There is no evidence that taking laxatives during pregnancy causes any problems that would require extra monitoring for your baby.

Are there any risks to my baby if the father has taken laxatives?

We would not expect any increased risk to your baby if the father took laxatives before or around the time you became pregnant.

Who can I talk to if I have questions?

If you have any questions regarding the information in this leaflet please discuss them with your health care provider. They can access more detailed medical and scientific information from www.uktis.org

How can I help to improve drug safety information for pregnant women in the future?

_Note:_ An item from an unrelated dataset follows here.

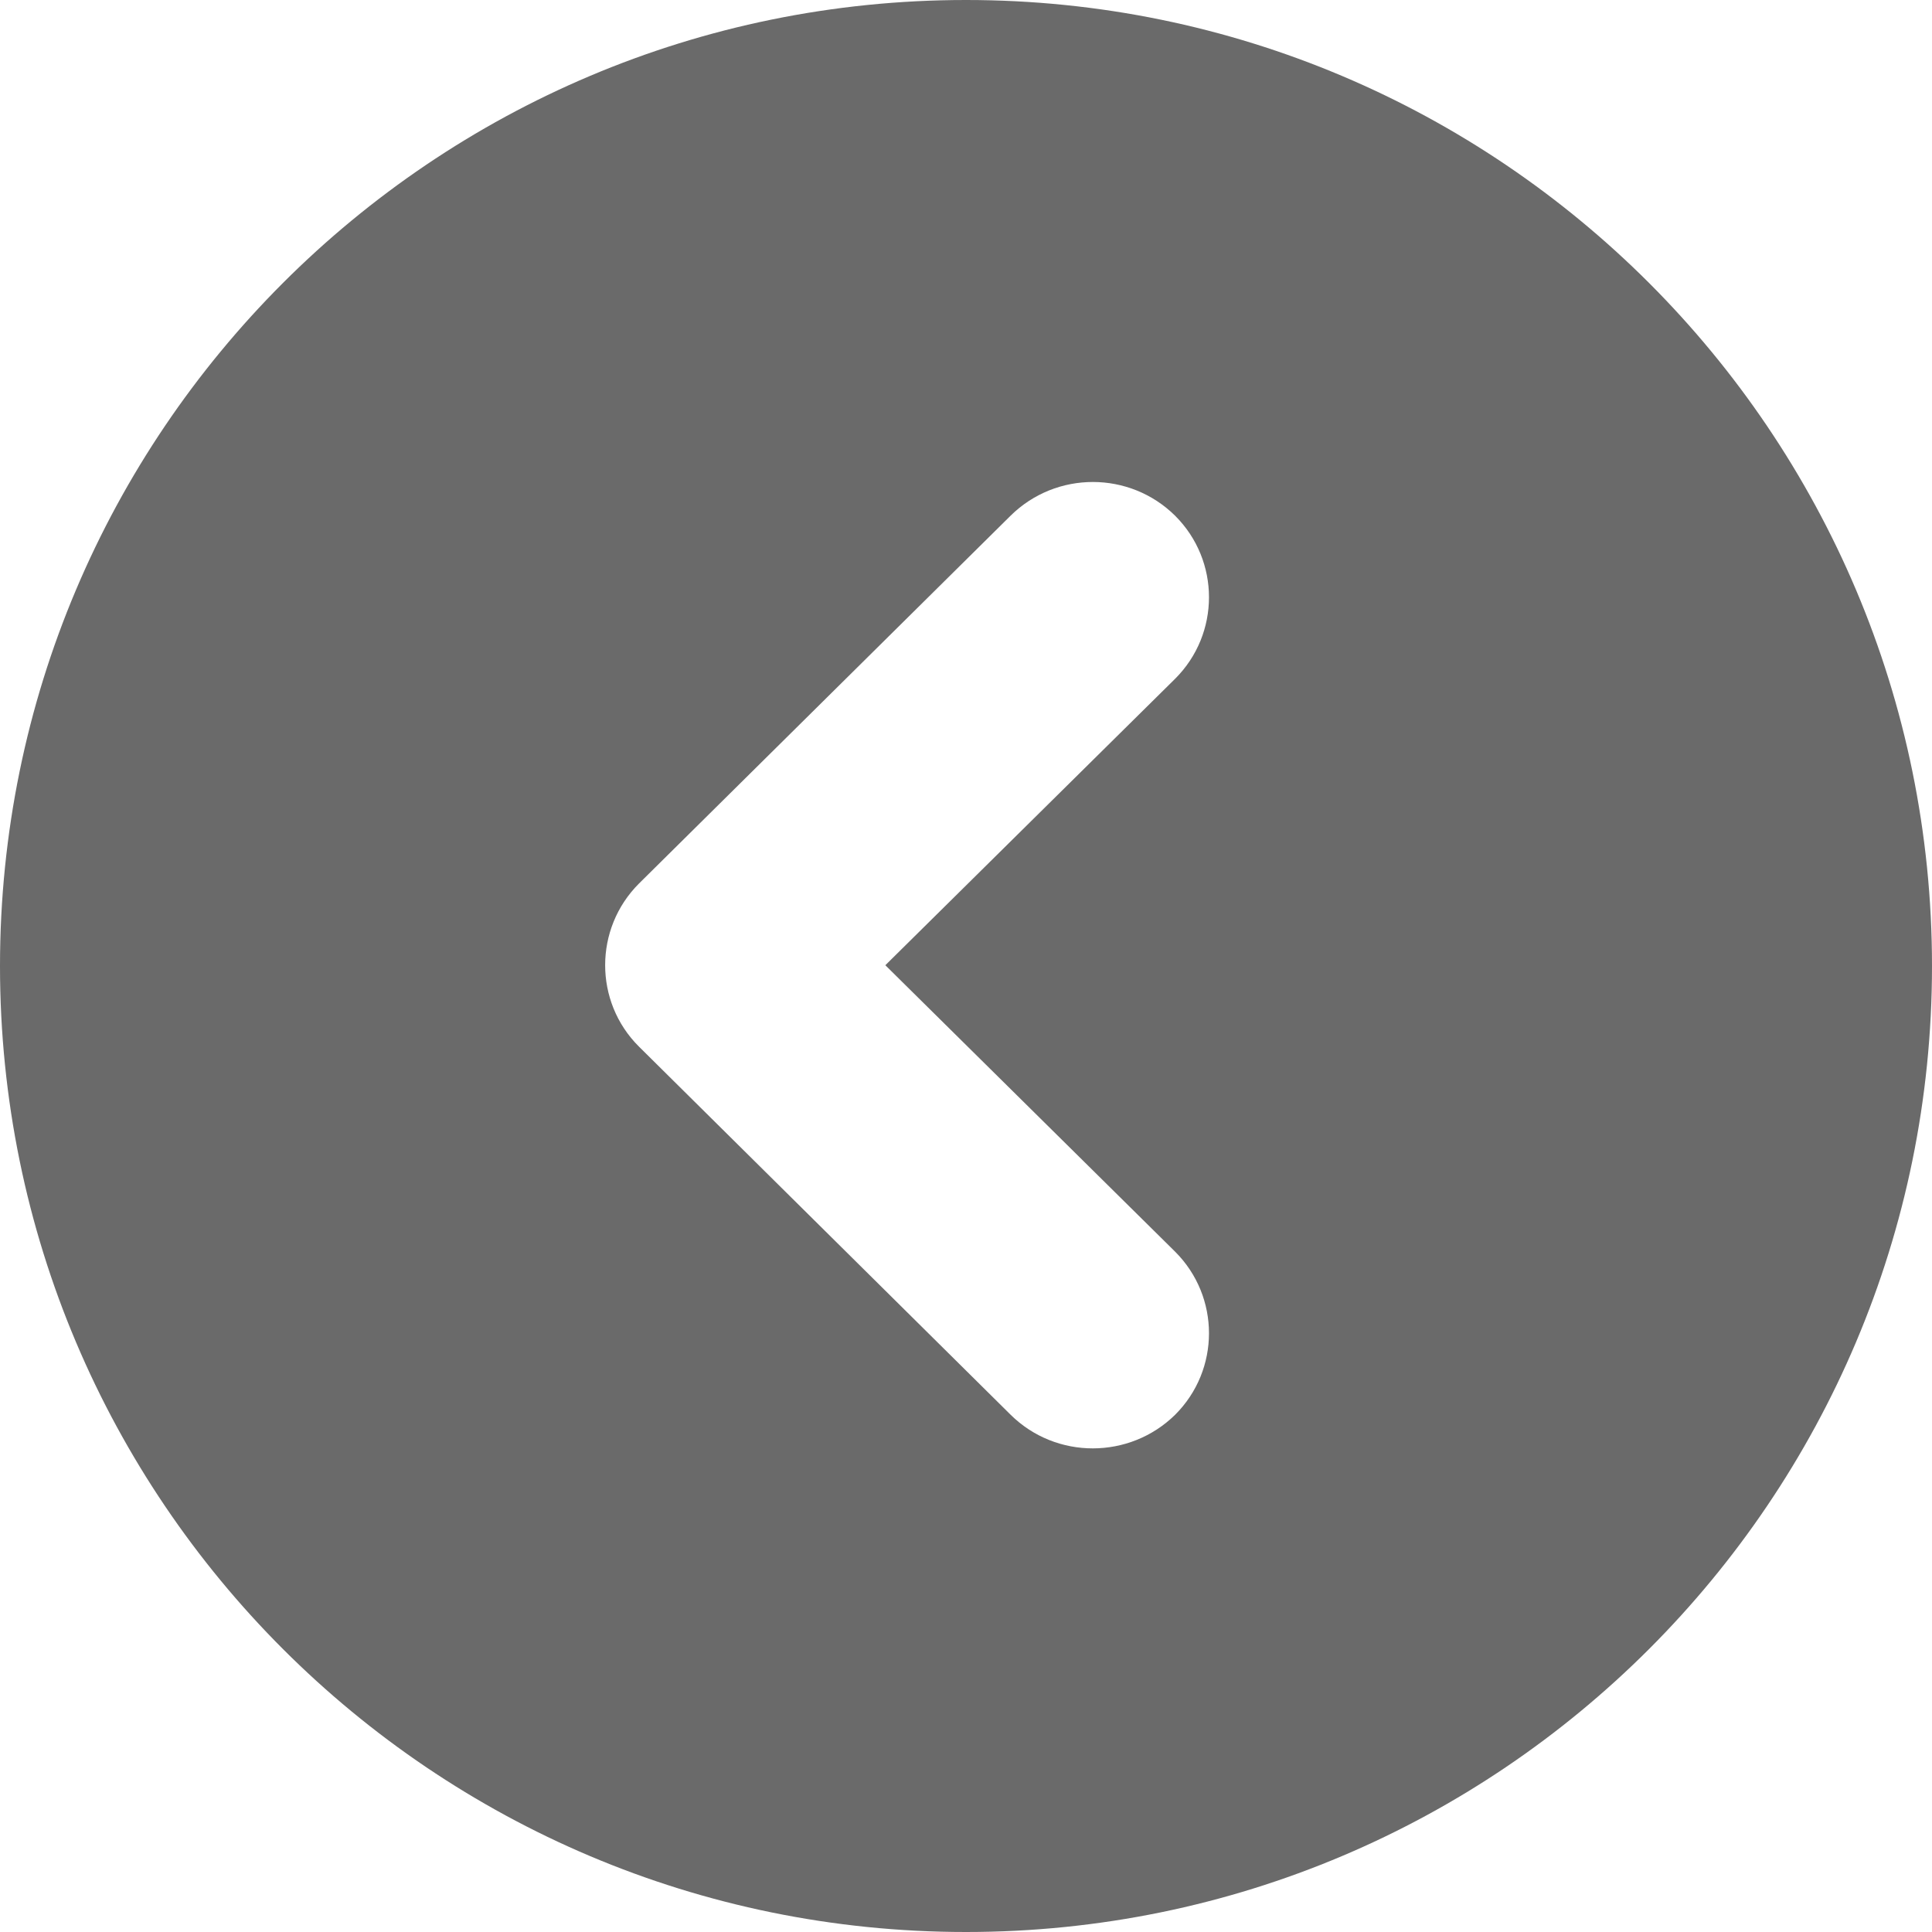 <svg width="40" height="40" viewBox="0 0 40 40" fill="none" xmlns="http://www.w3.org/2000/svg">
<path d="M-1.74846e-06 20C-2.71392e-06 31.044 8.955 40 20 40C31.045 40 40 31.045 40 20C40 8.955 31.045 2.71404e-06 20 1.74846e-06C8.955 7.82871e-07 -7.82996e-07 8.956 -1.74846e-06 20ZM24.331 10.679C25.264 11.611 25.264 13.12 24.331 14.052L18.33 19.984L24.331 25.916C25.264 26.849 25.264 28.358 24.331 29.29C23.389 30.217 21.865 30.222 20.923 29.29L13.228 21.668C12.296 20.741 12.296 19.226 13.228 18.294L20.923 10.677C21.866 9.746 23.389 9.746 24.331 10.679Z" fill="#6A6A6A"/>
</svg>

Our online reporting system (MyBump Portal) allows women who are currently pregnant to create a secure record of their pregnancy, collected through a series of questionnaires. You will be asked to enter information about your health, whether or not you take any medicines, your pregnancy outcome and your child's development. You can update your details at any time during pregnancy or afterwards. This information will help us better understand how medicines affect the health of pregnant women and their babies. Please visit the MyBump Portal to register.

General information
Sadly, miscarriage and birth defects can occur in any pregnancy.

Miscarriage occurs in about 1 in every 5 pregnancies, and 1 in every 40 babies are born with a birth defect. This is called the ‘background risk’ and happens whether medication is taken or not.

Most medicines cross the placenta and reach the baby. For many medications this is not a problem. However, some medicines can affect a baby’s growth and development.

If you take regular medication and are planning to conceive, you should discuss whether your medicine is safe to continue with your doctor/health care team before becoming pregnant. If you have an unplanned pregnancy while taking a medicine, you should tell your doctor as soon as possible.

If a new medicine is suggested for you during pregnancy, please make sure that the person prescribing it knows that you are pregnant. If you have any concerns about a medicine, you can check with your doctor, midwife or pharmacist.

Our Bumps information leaflets provide information about the effects of medicines in pregnancy so that you can decide, together with your healthcare provider, what is best for you and your baby.